The Merger Agreement contains a “go shop” provision to which the Company has the right to solicit and engage in discussions and negotiations with respect to competing proposals through May 17, 2018 (the “Initial Go Shop End Date”); provided that such end date may be extended at the election of the Company (upon written notice to Parent) at any time prior to the Initial Go Shop End Date until June 1, 2018 (such period commencing with the Execution Date, as may be extended, the “Go-Shop Period”). After the conclusion of the Go-Shop Period, the Company may continue discussions with any “Excluded Person”, defined as a party that submits (and has not withdrawn) a written proposal during the Go-Shop Period that the Special Committee determines in good faith, after consultation with its financial advisor and outside legal counsel, is, or would reasonably be expected to lead to, a “Superior Proposal,” as defined in the Merger Agreement and with whom the Company remains in continuous active discussions.

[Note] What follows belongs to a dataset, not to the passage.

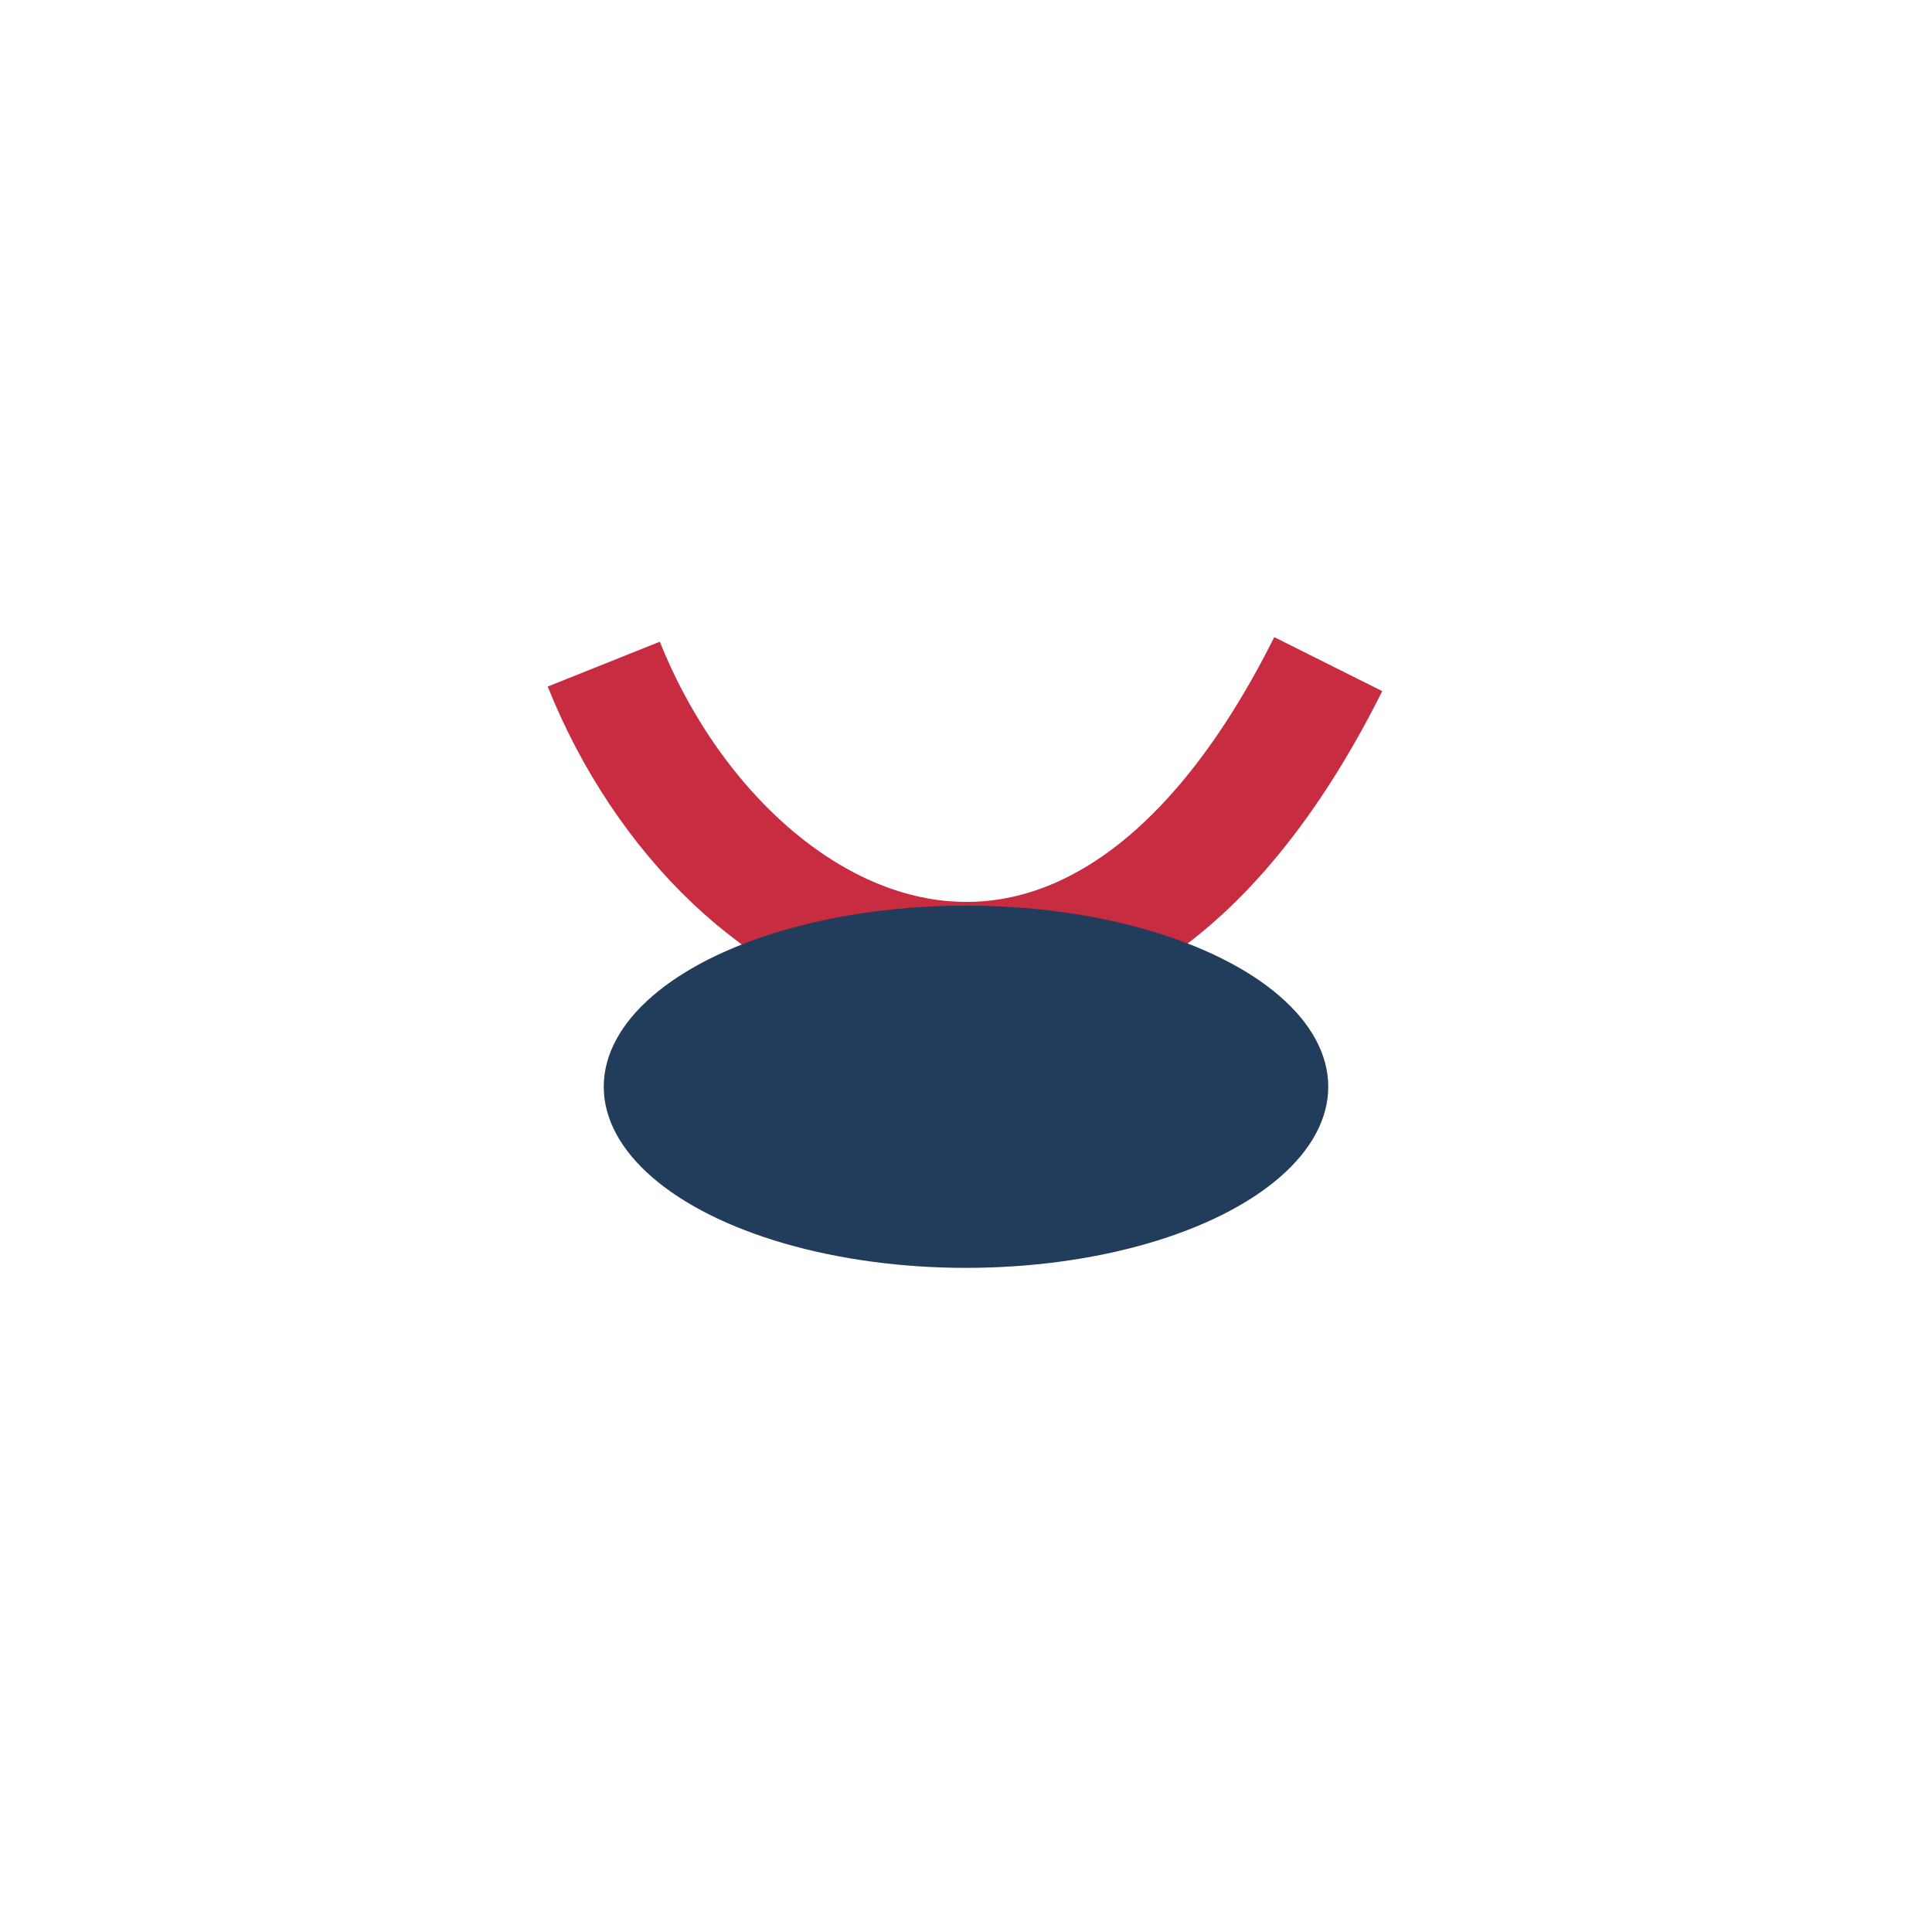 <?xml version="1.0" encoding="UTF-8"?>
<svg xmlns="http://www.w3.org/2000/svg" width="32" height="32" viewBox="0 0 32 32"><path d="M10 11c2 5 8 8 12 0" fill="none" stroke="#C72C41" stroke-width="2"/><ellipse cx="16" cy="18" rx="6" ry="3" fill="#223D5C"/></svg>

Except with respect to Excluded Persons, after the conclusion of the Go-Shop Period, the Company will be subject to a “no-shop” restriction on its ability to solicit third-party proposals, provide information and engage in discussions with third parties. The no-shop provision is subject to a “fiduciary-out” provision that allows the Company to provide information and participate in discussions with respect to third party proposals submitted after the conclusion of the Go-Shop Period and with respect to which the Special Committee has made the determinations previously described.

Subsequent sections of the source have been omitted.